La tête de Valls recevant une telle missive
Mais qu’il se rassure, chez nous la police est beaucoup plus respectueuse de sa hiérarchie et de son ministre de l’Intérieur. Elle l’a toujours été d’ailleurs ; il n’y a qu’à considérer son attitude sous le gouvernement de Vichy. On n’a pas manqué, après la Libération, d’installer sur les murs de Paris des plaques commémoratives à la mémoire des membres des forces de l’ordre morts en ayant participé à la libération de la capitale en août 1944 (et parfois à partir de la 25e heure). Par contre, on n’a pas procédé de même en gravant sur d’autres plaques la liste des policiers qui ont collaboré, réprimé, déporté sans se poser de questions, en acceptant d’obéir aux ordres les plus crapuleux des autorités. Il est vrai que, si on avait établi ce genre de listes, il n’y aurait sans doute pas eu assez de murs dans tout Paris pour les placarder. De même, en octobre 1961, face à une manifestation de travailleurs algériens, notre police a eu l’occasion d’étaler son savoir-faire en matière de répression sous les ordres de l’éminent spécialiste qu’était le préfet Papon. Mai 1968, grèves, occupations, Larzac, Notre-Dame-des-Landes, les temps changent, mais pas les méthodes : les occasions n’ont jamais manqué dans notre pays pour voir combien nos forces de l’ordre étaient proches de la population, très proches même, jamais plus loin qu’une longueur de matraque. Tellement efficace qu’en son temps Michèle Alliot-Marie, alors ministre de l’Intérieur, proposait d’exporter l’expérience et l’aide de nos services de répression à la Tunisie de son grand ami Ben Ali.

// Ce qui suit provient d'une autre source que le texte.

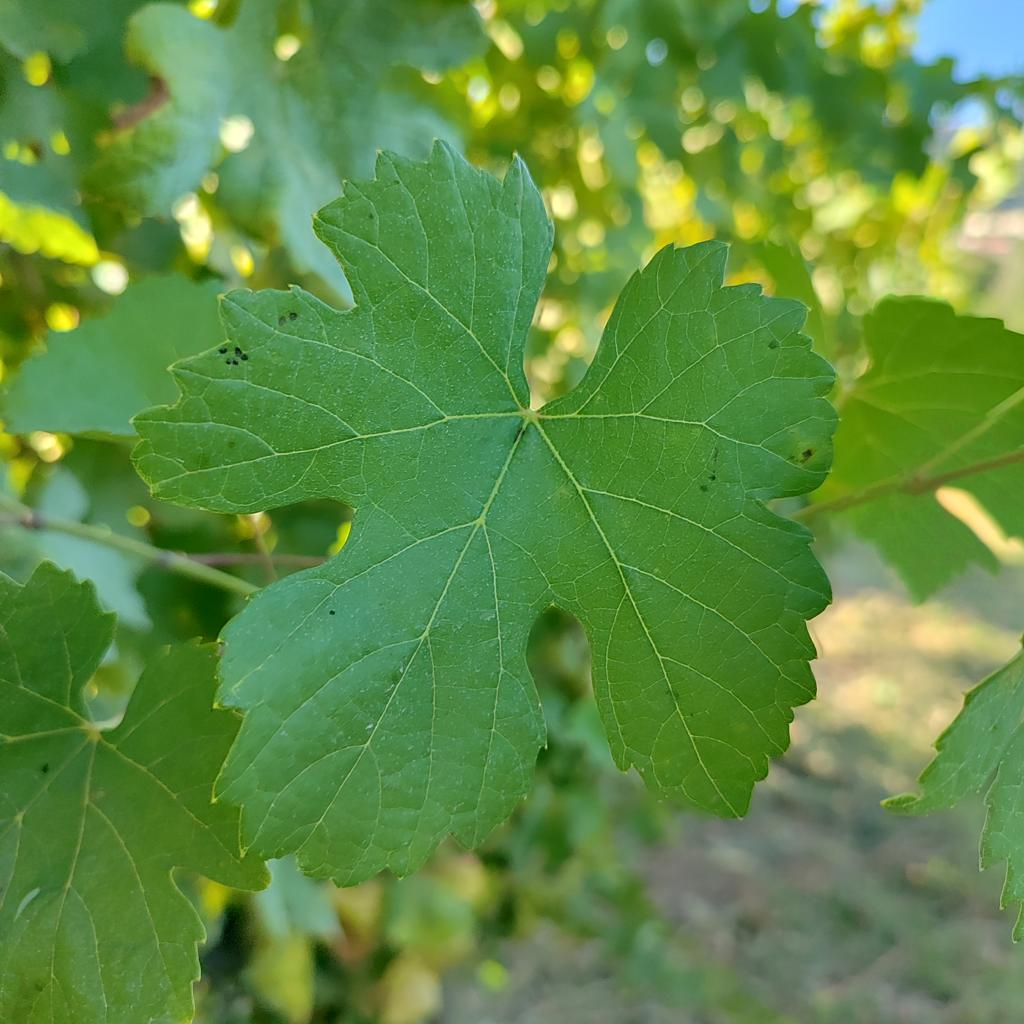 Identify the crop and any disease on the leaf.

grapevine, healthy

Pas d’illusion à se faire, donc, sur ces forces censées nous « protéger », qu’il s’agisse de soldats, de flics ou de matons, on a beau m’expliquer qu’il s’agit de fils de prolétaires, ils ont bel et bien choisi de défendre des intérêts qui ne sont pas ceux de leur classe ; alors, même s’ils sont syndiqués, j’ai toujours autant de mal à voir des travailleurs sous l’uniforme.